> _WORK ITEM_: Print out each record below, unaltered and complete, without its images.

> _Stored data_:
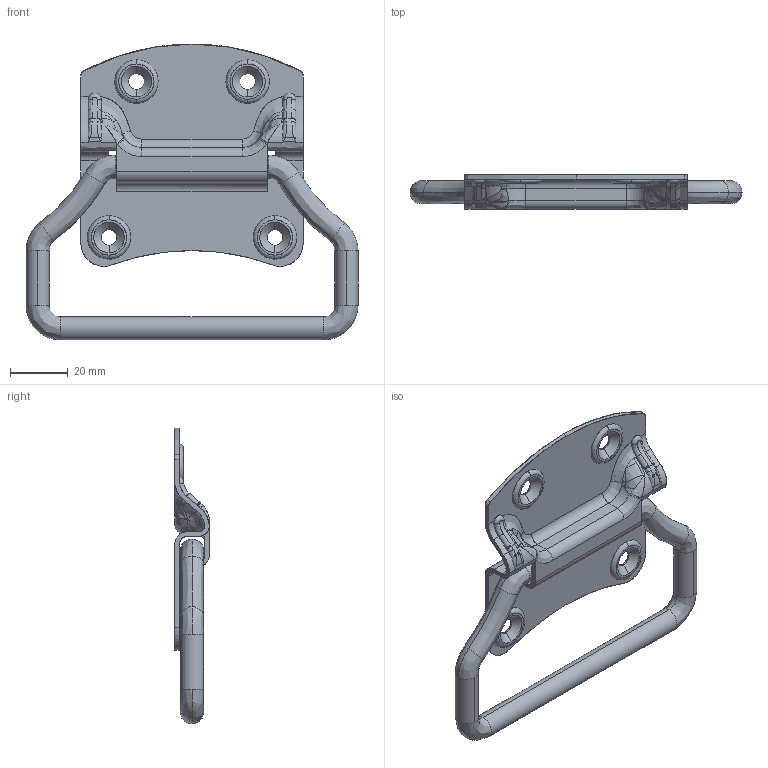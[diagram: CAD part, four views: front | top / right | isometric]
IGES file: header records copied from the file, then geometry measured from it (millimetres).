
Start section: JAMA-IS VERSION  1.0
Global section: file name: unknown; native system: SolidMX; preprocessor: V1.20; author: unknown; organization: unknown; date: 060203.101514; units: millimetre
Bounding box: 115 x 12 x 102.5 mm (x, y, z)
Surface area: 20823.3 mm2 (no closed solid volume)
Topology: 0 solids, 0 shells, 280 faces, 1995 edges, 1987 vertices
Faces by surface type: bspline 280
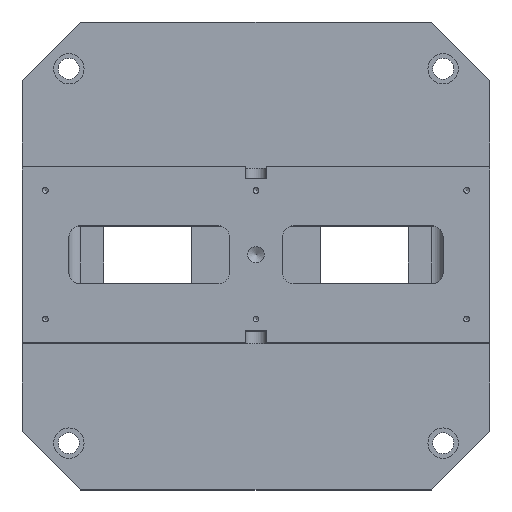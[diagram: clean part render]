
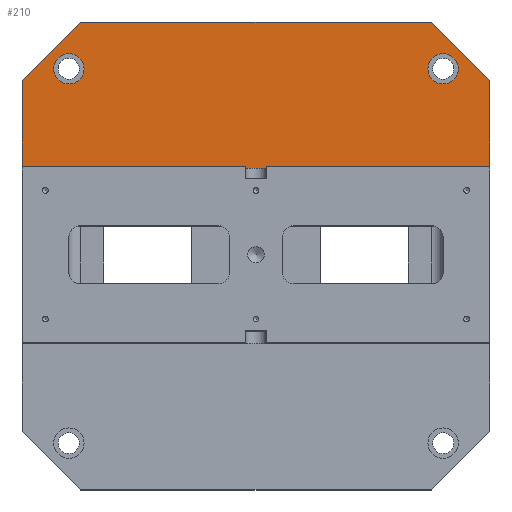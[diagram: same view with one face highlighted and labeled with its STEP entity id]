
A CAD part, top view. The second image highlights one B-rep face of the part: STEP entity #210.
In plain terms, the highlighted planar face has unit normal (0, 0, 1).
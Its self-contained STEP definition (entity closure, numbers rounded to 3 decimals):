
#210 = ADVANCED_FACE( '', ( #740, #741, #742 ), #743, .F. );
#740 = FACE_BOUND( '', #1554, .T. );
#741 = FACE_BOUND( '', #1555, .T. );
#742 = FACE_OUTER_BOUND( '', #1556, .T. );
#743 = PLANE( '', #1557 );
#1554 = EDGE_LOOP( '', ( #3403 ) );
#1555 = EDGE_LOOP( '', ( #3404 ) );
#1556 = EDGE_LOOP( '', ( #3405, #3406, #3407, #3408, #3409, #3410 ) );
#1557 = AXIS2_PLACEMENT_3D( '', #3411, #3412, #3413 );
#3403 = ORIENTED_EDGE( '', *, *, #5668, .T. );
#3404 = ORIENTED_EDGE( '', *, *, #5669, .T. );
#3405 = ORIENTED_EDGE( '', *, *, #5670, .T. );
#3406 = ORIENTED_EDGE( '', *, *, #5671, .T. );
#3407 = ORIENTED_EDGE( '', *, *, #5289, .T. );
#3408 = ORIENTED_EDGE( '', *, *, #5202, .F. );
#3409 = ORIENTED_EDGE( '', *, *, #5423, .T. );
#3410 = ORIENTED_EDGE( '', *, *, #5672, .T. );
#3411 = CARTESIAN_POINT( '', ( -200., 200., 50. ) );
#3412 = DIRECTION( '', ( 0., 0., -1. ) );
#3413 = DIRECTION( '', ( -1., 0., 0. ) );
#5202 = EDGE_CURVE( '', #6221, #6223, #6224, .T. );
#5289 = EDGE_CURVE( '', #6389, #6223, #6390, .T. );
#5423 = EDGE_CURVE( '', #6221, #6649, #6651, .T. );
#5668 = EDGE_CURVE( '', #7013, #7013, #7014, .T. );
#5669 = EDGE_CURVE( '', #7015, #7015, #7016, .T. );
#5670 = EDGE_CURVE( '', #7017, #7018, #7019, .T. );
#5671 = EDGE_CURVE( '', #7018, #6389, #7020, .F. );
#5672 = EDGE_CURVE( '', #6649, #7017, #7021, .F. );
#6221 = VERTEX_POINT( '', #7824 );
#6223 = VERTEX_POINT( '', #7827 );
#6224 = LINE( '', #7828, #7829 );
#6389 = VERTEX_POINT( '', #8077 );
#6390 = LINE( '', #8078, #8079 );
#6649 = VERTEX_POINT( '', #8467 );
#6651 = LINE( '', #8470, #8471 );
#7013 = VERTEX_POINT( '', #9076 );
#7014 = CIRCLE( '', #9077, 13. );
#7015 = VERTEX_POINT( '', #9078 );
#7016 = CIRCLE( '', #9079, 13. );
#7017 = VERTEX_POINT( '', #9080 );
#7018 = VERTEX_POINT( '', #9081 );
#7019 = LINE( '', #9082, #9083 );
#7020 = LINE( '', #9084, #9085 );
#7021 = LINE( '', #9086, #9087 );
#7824 = CARTESIAN_POINT( '', ( 200., 75., 50. ) );
#7827 = CARTESIAN_POINT( '', ( -200., 75., 50. ) );
#7828 = CARTESIAN_POINT( '', ( -200., 75., 50. ) );
#7829 = VECTOR( '', #10040, 1000. );
#8077 = CARTESIAN_POINT( '', ( -200., 150., 50. ) );
#8078 = CARTESIAN_POINT( '', ( -200., 200., 50. ) );
#8079 = VECTOR( '', #10133, 1000. );
#8467 = CARTESIAN_POINT( '', ( 200., 150., 50. ) );
#8470 = CARTESIAN_POINT( '', ( 200., -200., 50. ) );
#8471 = VECTOR( '', #10273, 1000. );
#9076 = CARTESIAN_POINT( '', ( -160., 147., 50. ) );
#9077 = AXIS2_PLACEMENT_3D( '', #10520, #10521, #10522 );
#9078 = CARTESIAN_POINT( '', ( 160., 147., 50. ) );
#9079 = AXIS2_PLACEMENT_3D( '', #10523, #10524, #10525 );
#9080 = CARTESIAN_POINT( '', ( 150., 200., 50. ) );
#9081 = CARTESIAN_POINT( '', ( -150., 200., 50. ) );
#9082 = CARTESIAN_POINT( '', ( 200., 200., 50. ) );
#9083 = VECTOR( '', #10526, 1000. );
#9084 = CARTESIAN_POINT( '', ( -200., 150., 50. ) );
#9085 = VECTOR( '', #10527, 1000. );
#9086 = CARTESIAN_POINT( '', ( 150., 200., 50. ) );
#9087 = VECTOR( '', #10528, 1000. );
#10040 = DIRECTION( '', ( -1., 0., 0. ) );
#10133 = DIRECTION( '', ( 0., -1., 0. ) );
#10273 = DIRECTION( '', ( 0., 1., 0. ) );
#10520 = CARTESIAN_POINT( '', ( -160., 160., 50. ) );
#10521 = DIRECTION( '', ( 0., 0., -1. ) );
#10522 = DIRECTION( '', ( 0., -1., 0. ) );
#10523 = CARTESIAN_POINT( '', ( 160., 160., 50. ) );
#10524 = DIRECTION( '', ( 0., 0., -1. ) );
#10525 = DIRECTION( '', ( 0., -1., 0. ) );
#10526 = DIRECTION( '', ( -1., 0., 0. ) );
#10527 = DIRECTION( '', ( 0.707, 0.707, 0. ) );
#10528 = DIRECTION( '', ( 0.707, -0.707, 0. ) );

> _TASK ANSWER_:
[diagram: CAD part, four views: front | top / right | isometric]
IGES file: header records copied from the file, then geometry measured from it (millimetres).
Start section: JAMA-IS VERSION  1.0
Global section: file name: unknown; native system: SolidMX; preprocessor: V1.20; author: unknown; organization: unknown; date: 060203.101514; units: millimetre
Bounding box: 115 x 12 x 102.5 mm (x, y, z)
Surface area: 20823.3 mm2 (no closed solid volume)
Topology: 0 solids, 0 shells, 280 faces, 1995 edges, 1987 vertices
Faces by surface type: bspline 280
[diagram: clean part render]
[diagram: same view with one face highlighted and labeled with its STEP entity id]
A CAD part, top view. The second image highlights one B-rep face of the part: STEP entity #210.
In plain terms, the highlighted planar face has unit normal (0, 0, 1).
Its self-contained STEP definition (entity closure, numbers rounded to 3 decimals):
#210 = ADVANCED_FACE( '', ( #740, #741, #742 ), #743, .F. );
#740 = FACE_BOUND( '', #1554, .T. );
#741 = FACE_BOUND( '', #1555, .T. );
#742 = FACE_OUTER_BOUND( '', #1556, .T. );
#743 = PLANE( '', #1557 );
#1554 = EDGE_LOOP( '', ( #3403 ) );
#1555 = EDGE_LOOP( '', ( #3404 ) );
#1556 = EDGE_LOOP( '', ( #3405, #3406, #3407, #3408, #3409, #3410 ) );
#1557 = AXIS2_PLACEMENT_3D( '', #3411, #3412, #3413 );
#3403 = ORIENTED_EDGE( '', *, *, #5668, .T. );
#3404 = ORIENTED_EDGE( '', *, *, #5669, .T. );
#3405 = ORIENTED_EDGE( '', *, *, #5670, .T. );
#3406 = ORIENTED_EDGE( '', *, *, #5671, .T. );
#3407 = ORIENTED_EDGE( '', *, *, #5289, .T. );
#3408 = ORIENTED_EDGE( '', *, *, #5202, .F. );
#3409 = ORIENTED_EDGE( '', *, *, #5423, .T. );
#3410 = ORIENTED_EDGE( '', *, *, #5672, .T. );
#3411 = CARTESIAN_POINT( '', ( -200., 200., 50. ) );
#3412 = DIRECTION( '', ( 0., 0., -1. ) );
#3413 = DIRECTION( '', ( -1., 0., 0. ) );
#5202 = EDGE_CURVE( '', #6221, #6223, #6224, .T. );
#5289 = EDGE_CURVE( '', #6389, #6223, #6390, .T. );
#5423 = EDGE_CURVE( '', #6221, #6649, #6651, .T. );
#5668 = EDGE_CURVE( '', #7013, #7013, #7014, .T. );
#5669 = EDGE_CURVE( '', #7015, #7015, #7016, .T. );
#5670 = EDGE_CURVE( '', #7017, #7018, #7019, .T. );
#5671 = EDGE_CURVE( '', #7018, #6389, #7020, .F. );
#5672 = EDGE_CURVE( '', #6649, #7017, #7021, .F. );
#6221 = VERTEX_POINT( '', #7824 );
#6223 = VERTEX_POINT( '', #7827 );
#6224 = LINE( '', #7828, #7829 );
#6389 = VERTEX_POINT( '', #8077 );
#6390 = LINE( '', #8078, #8079 );
#6649 = VERTEX_POINT( '', #8467 );
#6651 = LINE( '', #8470, #8471 );
#7013 = VERTEX_POINT( '', #9076 );
#7014 = CIRCLE( '', #9077, 13. );
#7015 = VERTEX_POINT( '', #9078 );
#7016 = CIRCLE( '', #9079, 13. );
#7017 = VERTEX_POINT( '', #9080 );
#7018 = VERTEX_POINT( '', #9081 );
#7019 = LINE( '', #9082, #9083 );
#7020 = LINE( '', #9084, #9085 );
#7021 = LINE( '', #9086, #9087 );
#7824 = CARTESIAN_POINT( '', ( 200., 75., 50. ) );
#7827 = CARTESIAN_POINT( '', ( -200., 75., 50. ) );
#7828 = CARTESIAN_POINT( '', ( -200., 75., 50. ) );
#7829 = VECTOR( '', #10040, 1000. );
#8077 = CARTESIAN_POINT( '', ( -200., 150., 50. ) );
#8078 = CARTESIAN_POINT( '', ( -200., 200., 50. ) );
#8079 = VECTOR( '', #10133, 1000. );
#8467 = CARTESIAN_POINT( '', ( 200., 150., 50. ) );
#8470 = CARTESIAN_POINT( '', ( 200., -200., 50. ) );
#8471 = VECTOR( '', #10273, 1000. );
#9076 = CARTESIAN_POINT( '', ( -160., 147., 50. ) );
#9077 = AXIS2_PLACEMENT_3D( '', #10520, #10521, #10522 );
#9078 = CARTESIAN_POINT( '', ( 160., 147., 50. ) );
#9079 = AXIS2_PLACEMENT_3D( '', #10523, #10524, #10525 );
#9080 = CARTESIAN_POINT( '', ( 150., 200., 50. ) );
#9081 = CARTESIAN_POINT( '', ( -150., 200., 50. ) );
#9082 = CARTESIAN_POINT( '', ( 200., 200., 50. ) );
#9083 = VECTOR( '', #10526, 1000. );
#9084 = CARTESIAN_POINT( '', ( -200., 150., 50. ) );
#9085 = VECTOR( '', #10527, 1000. );
#9086 = CARTESIAN_POINT( '', ( 150., 200., 50. ) );
#9087 = VECTOR( '', #10528, 1000. );
#10040 = DIRECTION( '', ( -1., 0., 0. ) );
#10133 = DIRECTION( '', ( 0., -1., 0. ) );
#10273 = DIRECTION( '', ( 0., 1., 0. ) );
#10520 = CARTESIAN_POINT( '', ( -160., 160., 50. ) );
#10521 = DIRECTION( '', ( 0., 0., -1. ) );
#10522 = DIRECTION( '', ( 0., -1., 0. ) );
#10523 = CARTESIAN_POINT( '', ( 160., 160., 50. ) );
#10524 = DIRECTION( '', ( 0., 0., -1. ) );
#10525 = DIRECTION( '', ( 0., -1., 0. ) );
#10526 = DIRECTION( '', ( -1., 0., 0. ) );
#10527 = DIRECTION( '', ( 0.707, 0.707, 0. ) );
#10528 = DIRECTION( '', ( 0.707, -0.707, 0. ) );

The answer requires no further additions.